As our nation experiences the initial peak and abatement of Covid-19 infections and deaths, many will reflect on what we could have done better and how we could have acted sooner. It is clear Covid-19 will be an event that will reshape society in lasting ways. As we look to the future, we can anticipate continual waves of innovation across multiple platforms including effective testing, digital health, anti-viral medicines and ultimately vaccines. If all goes well, America’s nightmare will be over, right?
Perhaps, but only if we anticipate and take proactive measures now to address what could be an even greater societal and medical problem. Following Covid-19’s infection of the lung and resultant inflammation and pneumonia, a significant fraction of survivors will sustain a condition, known as pulmonary fibrosis (lung scarring). Pulmonary fibrosis has the potential to create lasting disabilities and ultimately extract more lives than the entire acute phase of this pandemic.

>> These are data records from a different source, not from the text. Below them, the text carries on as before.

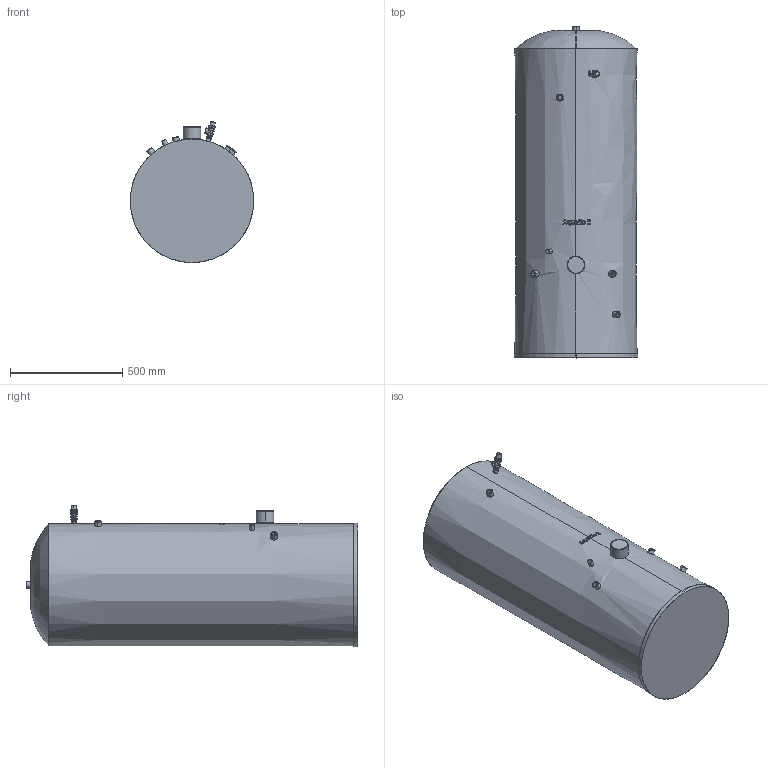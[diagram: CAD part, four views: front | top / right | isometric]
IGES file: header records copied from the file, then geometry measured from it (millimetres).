
Start section: SolidWorks IGES file using analytic representation for surfaces
Global section: file name: IGSAF4210 .IGS; native system: SolidWorks 2016; preprocessor: SolidWorks 2016; author: paulg; date: 160224.153516; units: millimetre
Bounding box: 550.75 x 1479.5 x 629.37 mm (x, y, z)
Surface area: 2919101.3 mm2 (no closed solid volume)
Topology: 0 solids, 0 shells, 253 faces, 4793 edges, 4791 vertices
Faces by surface type: bspline 163, revolution 90
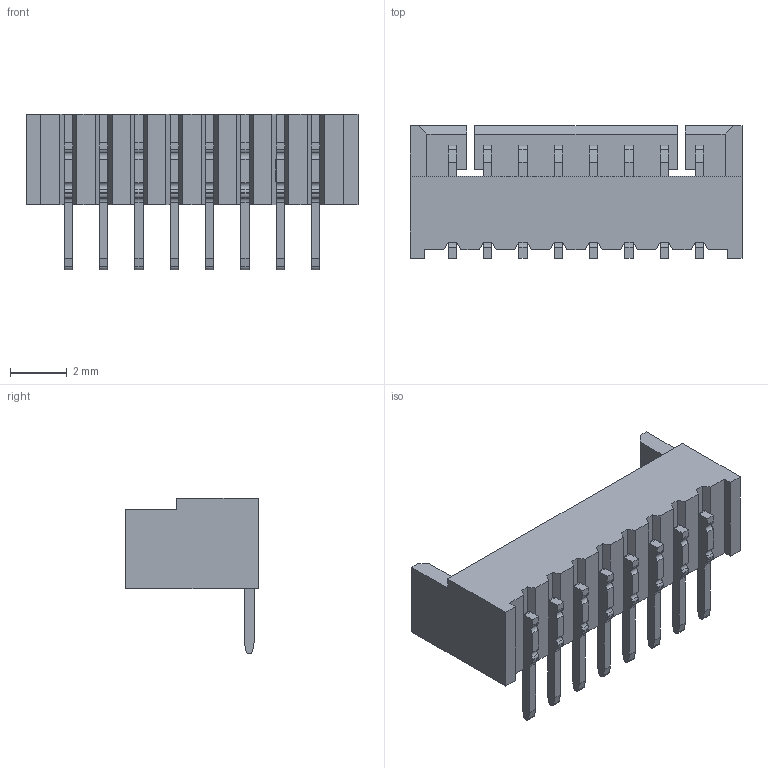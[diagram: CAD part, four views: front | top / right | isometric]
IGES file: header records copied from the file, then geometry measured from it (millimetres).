
Start section: ZWSOFT
Global section: file name: WF1251-WRXXWR1.igs; native system: ZW3D; preprocessor: 1.0; author: ZW3D; organization: ZWSOFT; date: 230411.182201; units: millimetre
Bounding box: 11.75 x 4.7 x 5.5 mm (x, y, z)
Surface area: 343 mm2 (no closed solid volume)
Topology: 0 solids, 0 shells, 392 faces, 2217 edges, 2217 vertices
Faces by surface type: bspline 392
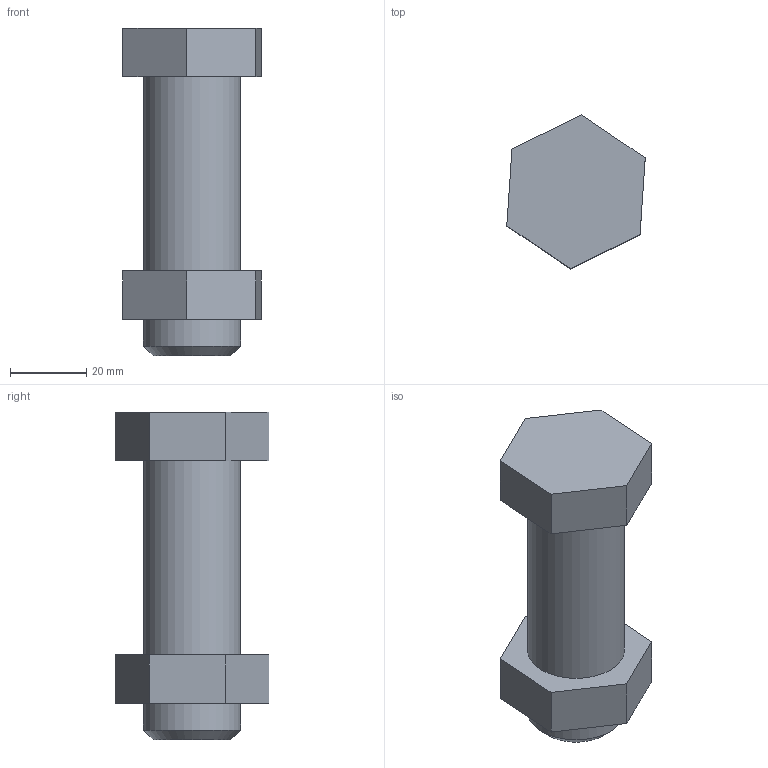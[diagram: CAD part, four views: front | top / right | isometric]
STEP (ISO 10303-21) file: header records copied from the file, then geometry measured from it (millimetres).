
FILE_DESCRIPTION( ( '' ), ' ' );
FILE_NAME( '5daacc6609f642157799d97f.step', '2019-10-19T08:42:14', ( '' ), ( '' ), ' ', ' ', ' ' );
FILE_SCHEMA( ( 'AUTOMOTIVE_DESIGN { 1 0 10303 214 1 1 1 1 }' ) );
Length unit declared in the file: metre
Products named in the file (1): Part 25
Bounding box: 36.22 x 40.23 x 85.72 mm (x, y, z)
Volume: 57157.9 mm3; surface area: 10971.5 mm2
Topology: 1 solids, 1 shells, 20 faces, 46 edges, 31 vertices
Faces by surface type: plane 17, cylinder 2, cone 1
Full cylindrical faces by diameter (mm): 25.4 x2
Entity records: 706 total; most frequent: CARTESIAN_POINT 91, DIRECTION 88, ORIENTED_EDGE 82, EDGE_CURVE 41, LINE 36, VECTOR 36, VERTEX_POINT 29, AXIS2_PLACEMENT_3D 26

Let’s not get caught flatfooted, again.
At this moment, we have an opportunity to proactively unleash the power of American science on the gathering storm that will soon confront us – the long term effects from Covid-19. Thanks to our national mitigation efforts, conservative models predict that only tens of millions of Americans (hundreds of millions worldwide) will ultimately be infected by the Covid-19 virus before a vaccine becomes available in 2021. The vast majority of people will experience no to moderate symptoms and recover fully, while up to 15% will experience severe to critical illness, ending in one of three ways: – approximately one quarter will die, one quarter will recover fully and nearly half will develop long-term lung scarring (pulmonary fibrosis) with diminished lung function. The impact on quality of life for survivors would be immeasurable.
Reviewing data from the highly related SARS-CoV in 2003, reveals that 36% to 62% of survivors experienced sustained pulmonary fibrosis and diminished lung function. Given the similarities of SARS-CoV and Covid-19 viruses and the body’s response to them, we can anticipate that, by the end of the pandemic, many thousands of Americans who have survived severe cases of Covid-19 will be left to deal with lingering effects of the virus and crippling pulmonary fibrosis which may require supplemental oxygen, ventilator support, and possibly even lung transplantation.
The pulmonary fibrosis and diminished lung function seen following SARS, and anticipated following Covid-19, strongly resembles Idiopathic Pulmonary Fibrosis (IPF), a lung disease characterized by low-grade pulmonary inflammation and progressive fibrosis. While we cannot extrapolate with certainty that Covid-19 pulmonary fibrosis and IPF diseases are identical, it is concerning that the majority of IPF patients succumb to respiratory failure within 2-3 years. The approved therapies for IPF are pirfenidone and nintedanib, which delay disease progression in only ~15% of patients. Lung transplant remains the only cure for IPF. Currently, there are 160,000 IPF patients in the US. Assuming a similar mortality rate to IPF, it is possible that the death and disability from Covid-19-related chronic lung disease could be several-fold the expected 50,000 to 100,000 deaths from acute Covid-19 infection.
The potential magnitude of this looming problem is of great societal and economic concern. As treatment options for pulmonary fibrosis are limited, our nation must anticipate and mount a call-to-action now to expedite the development of novel therapies to prepare for the next inevitable wave of disease stemming from Covid-19. Let’s get a running start as we wish we had with testing and anti-virals a few months ago.